** Material to process follows **

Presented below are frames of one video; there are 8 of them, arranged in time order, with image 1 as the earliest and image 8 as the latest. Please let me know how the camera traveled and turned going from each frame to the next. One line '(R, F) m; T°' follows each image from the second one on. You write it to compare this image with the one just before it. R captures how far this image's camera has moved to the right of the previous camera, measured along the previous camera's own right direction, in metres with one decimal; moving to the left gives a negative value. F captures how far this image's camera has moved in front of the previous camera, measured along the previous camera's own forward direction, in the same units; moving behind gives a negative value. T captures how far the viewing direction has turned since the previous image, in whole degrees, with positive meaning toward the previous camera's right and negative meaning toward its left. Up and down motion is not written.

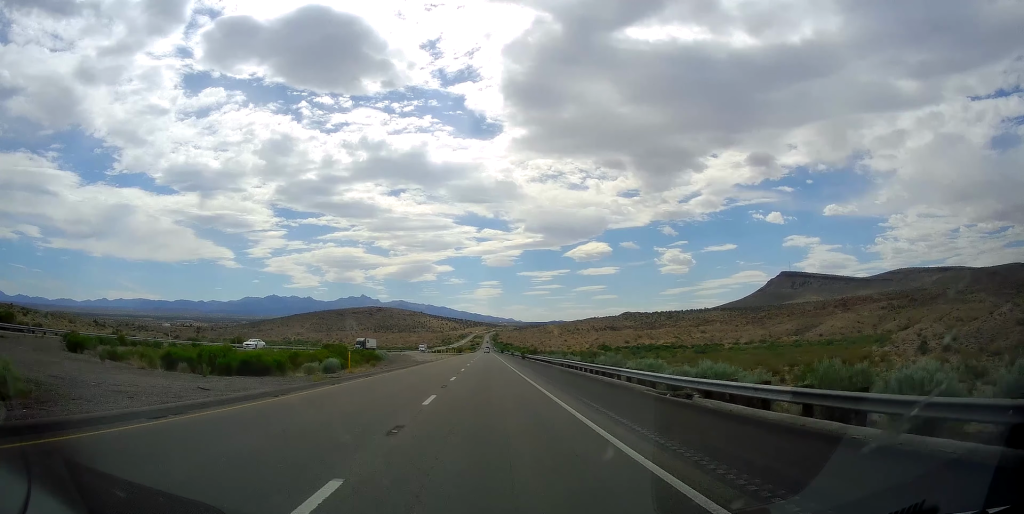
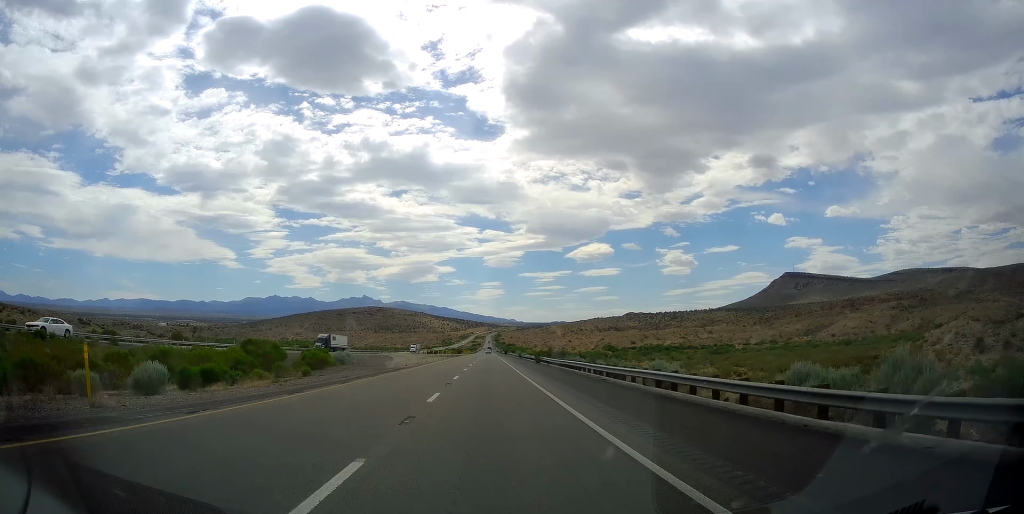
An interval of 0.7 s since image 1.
(0.0, +23.2) m; 0°
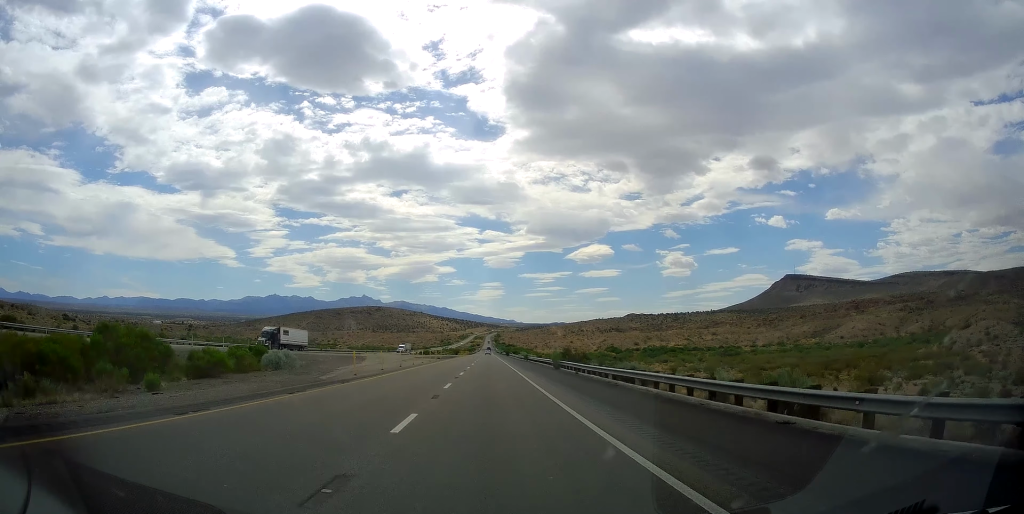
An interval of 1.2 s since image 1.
(0.0, +18.6) m; 0°
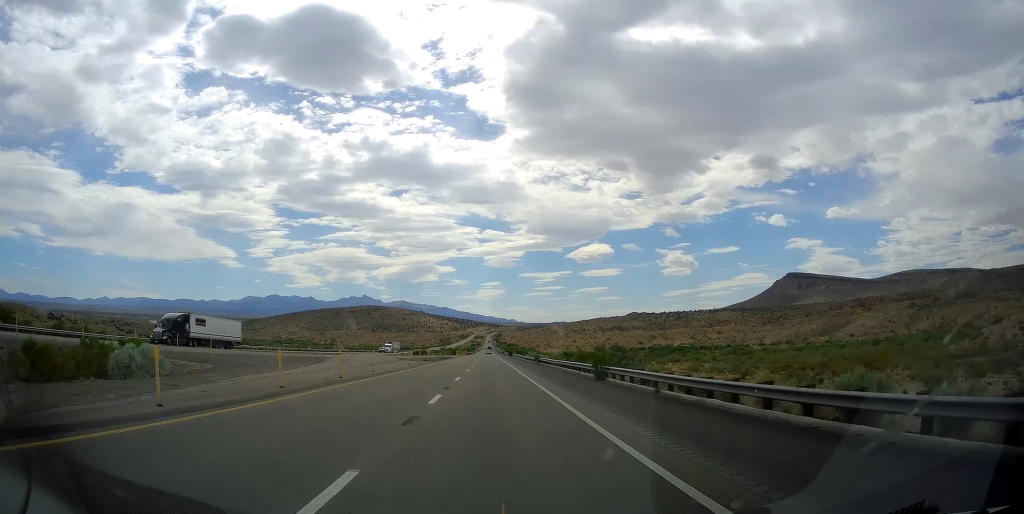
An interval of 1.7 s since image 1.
(0.0, +18.6) m; 0°
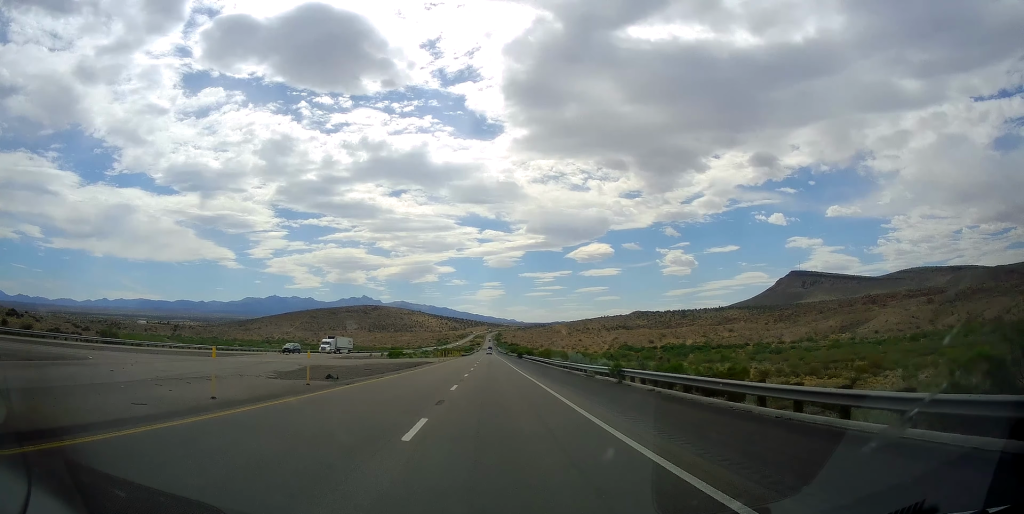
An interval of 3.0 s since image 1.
(-0.5, +43.0) m; 0°
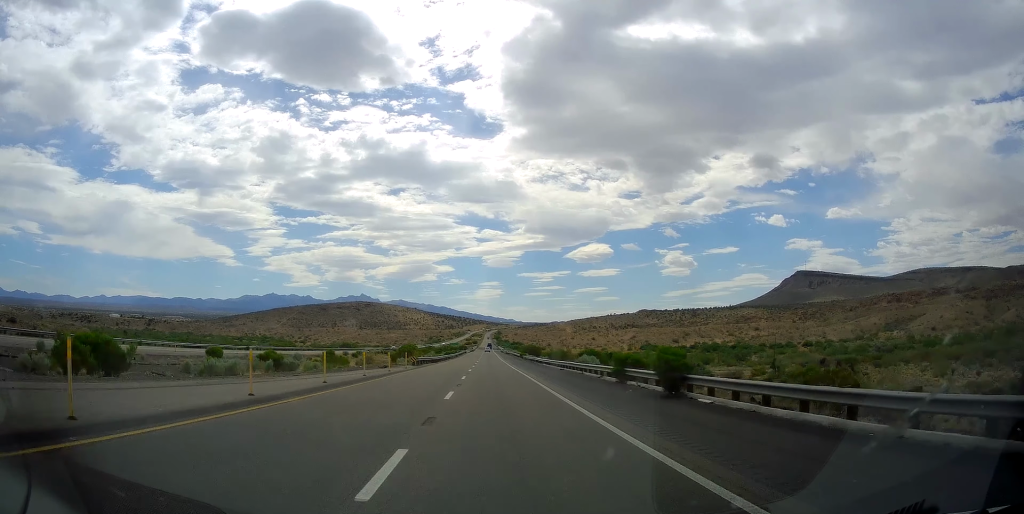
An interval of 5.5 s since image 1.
(+1.1, +89.1) m; +1°
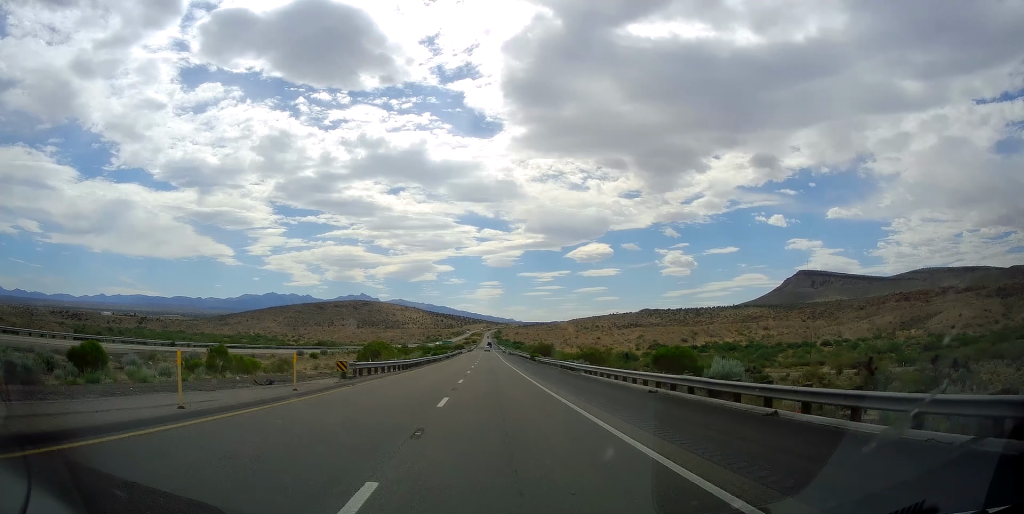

** End of Material to process **

What is required - Could you copy the data above exactly, leaving the pictures out?

Result of this exercise -
Presented below are frames of one video; there are 8 of them, arranged in time order, with image 1 as the earliest and image 8 as the latest. Please let me know how the camera traveled and turned going from each frame to the next. One line '(R, F) m; T°' follows each image from the second one on. You write it to compare this image with the one just before it. R captures how far this image's camera has moved to the right of the previous camera, measured along the previous camera's own right direction, in metres with one decimal; moving to the left gives a negative value. F captures how far this image's camera has moved in front of the previous camera, measured along the previous camera's own forward direction, in the same units; moving behind gives a negative value. T captures how far the viewing direction has turned since the previous image, in whole degrees, with positive meaning toward the previous camera's right and negative meaning toward its left. Up and down motion is not written.

An interval of 0.7 s since image 1.
(0.0, +23.2) m; 0°
An interval of 1.2 s since image 1.
(0.0, +18.6) m; 0°
An interval of 1.7 s since image 1.
(0.0, +18.6) m; 0°
An interval of 3.0 s since image 1.
(-0.5, +43.0) m; 0°
An interval of 5.5 s since image 1.
(+1.1, +89.1) m; +1°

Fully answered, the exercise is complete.